Benar kata orang jika penyesalan memang datang di akhir. Karena pada dentang waktu yang seperti berlalu begitu lambat, jantung Hara tak henti berpesta pora di dalam sana. Ini perasaan yang begitu asing. Bagaimana hela napasnya terasa begitu tercekik setiap pikirnya kembali pada waktu-waktu lalu.

Tidurnya terasa tak menyenangkan. Bersama mimpi buruk yang menyambangi lelap yang malah terasa begitu melelahkan.

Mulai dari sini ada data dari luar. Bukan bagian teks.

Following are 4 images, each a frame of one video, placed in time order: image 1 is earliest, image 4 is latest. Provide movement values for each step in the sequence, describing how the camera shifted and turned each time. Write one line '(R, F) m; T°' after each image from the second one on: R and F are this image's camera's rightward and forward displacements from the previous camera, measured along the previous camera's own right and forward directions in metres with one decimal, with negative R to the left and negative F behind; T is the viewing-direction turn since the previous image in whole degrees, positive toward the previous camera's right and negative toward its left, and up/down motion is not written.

Hingga ketika sinar pagi berhasil mengetuk kelopaknya, Hara memilih untuk segera mengakhiri mimpi sialannya. Deru napasnya terasa berat, tak mencoba mengingat apapun tentang mimpinya semalam.

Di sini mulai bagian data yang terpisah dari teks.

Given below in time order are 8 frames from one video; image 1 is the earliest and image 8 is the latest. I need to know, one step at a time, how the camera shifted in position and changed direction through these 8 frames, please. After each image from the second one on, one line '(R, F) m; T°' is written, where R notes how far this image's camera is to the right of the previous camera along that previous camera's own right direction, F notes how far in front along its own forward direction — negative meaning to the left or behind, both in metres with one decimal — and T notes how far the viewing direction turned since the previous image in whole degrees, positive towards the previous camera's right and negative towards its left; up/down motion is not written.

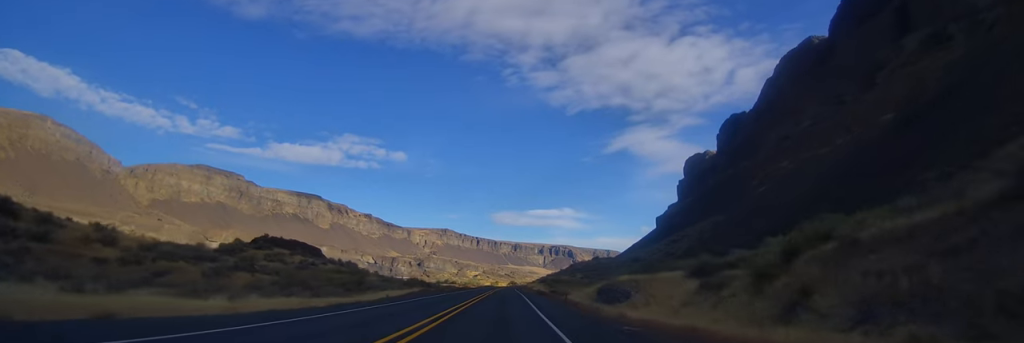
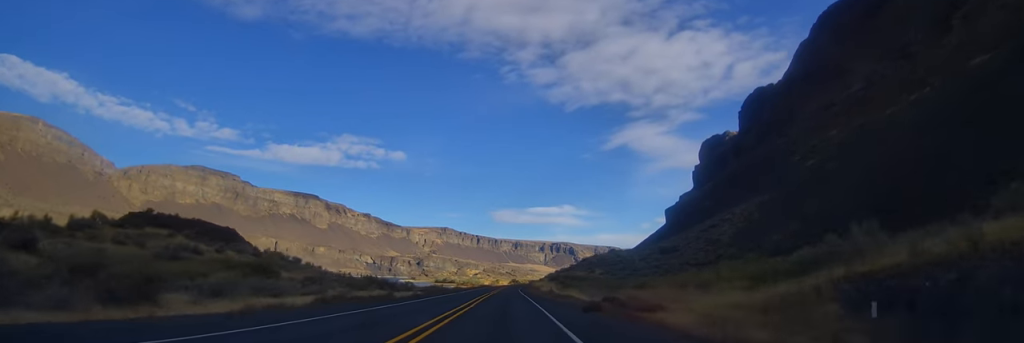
(+0.8, +38.0) m; +1°
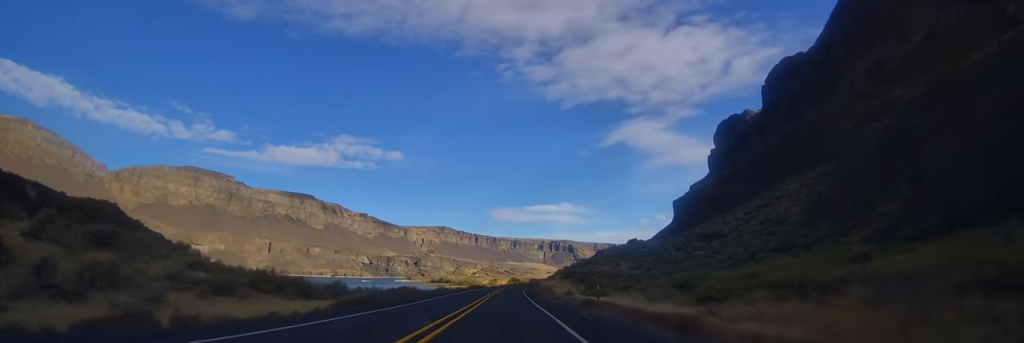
(-0.2, +35.9) m; 0°
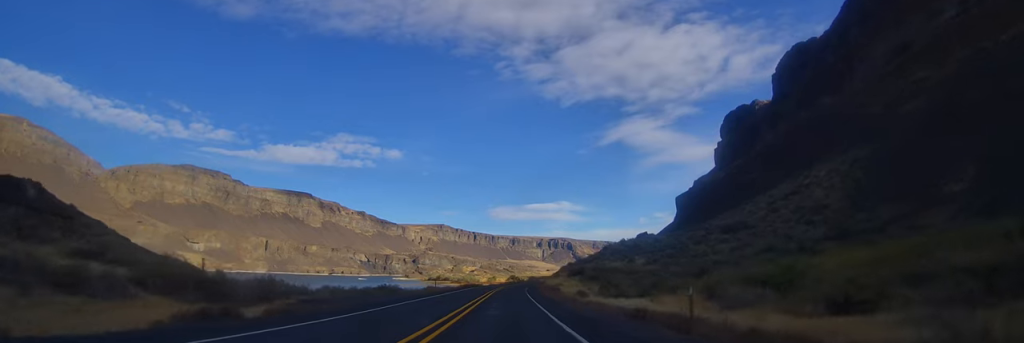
(0.0, +14.5) m; 0°
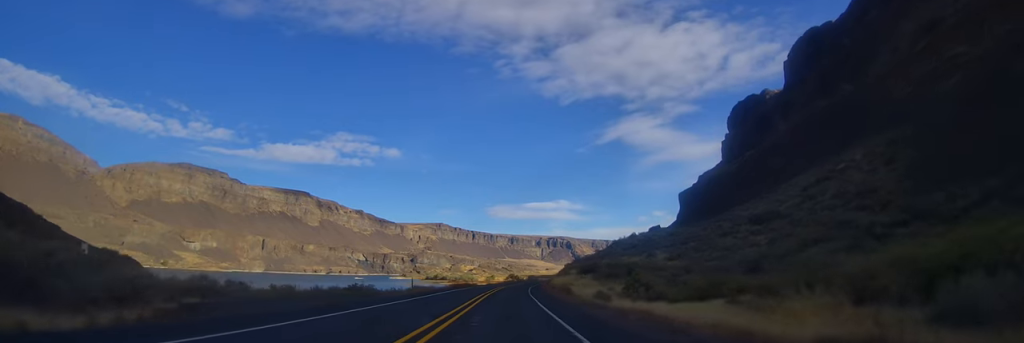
(+0.2, +14.5) m; 0°
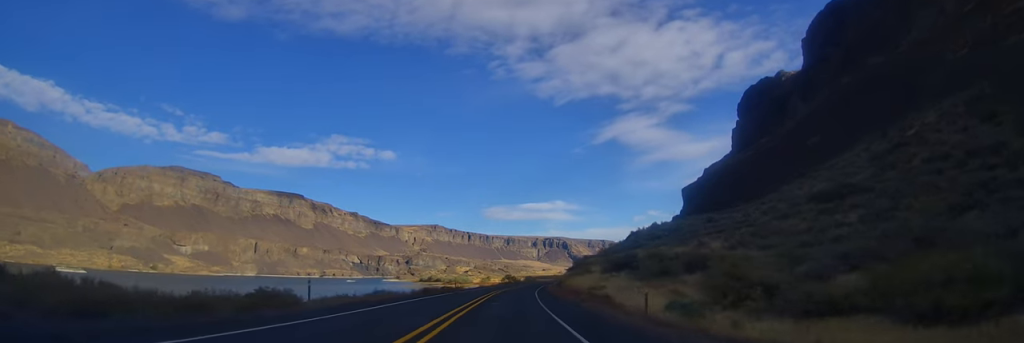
(0.0, +24.0) m; +1°
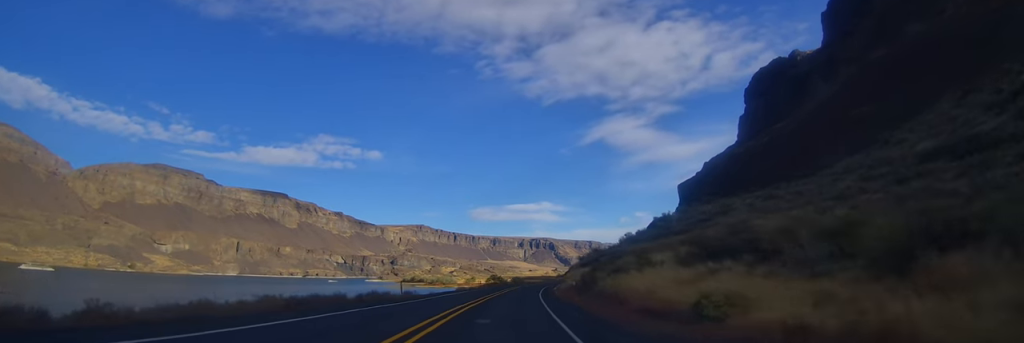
(+0.2, +28.0) m; +1°
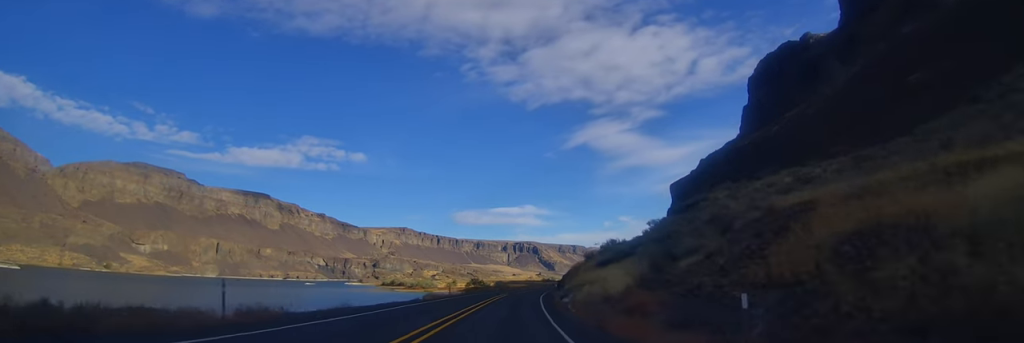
(+0.3, +24.2) m; +1°

Namun pada dentang yang tak terhitung, Hara tiba-tiba bangkit bak orang kesetanan. Meninggalkan kasur hangatnya dengan selimut yang dibiarkan jatuh begitu saja. Kakinya ia bawa berlari. Kendati ada sisian lain tubuhnya yang menolak akan apa yang ia lakukan kini. Namun, ia tak ingin peduli.

Langkahnya berhenti pada pintu kamar yang sama dengan miliknya. Kamar milik penghuni lain yang lama ia lupakan. Ia tak ingin mengelak bahwa bayangan Narel semalam adalah hal yang membuatnya menikmati mimpi buruk yang panjang. Rona pucat penuh kerut sakit itu terus membayanginya bahkan hingga alam mimpi.

Tubuhnya mematung cukup lama. Kembali berpikir apakah yang ia lakukan sudah benar atau tidak. Tangannya terkepal di samping wajah hendak mengetuk namun tertahan begitu lama. Napasnya tanpa sadar tertahan, tak siap dengan apa yang akan terjadi setelahnya.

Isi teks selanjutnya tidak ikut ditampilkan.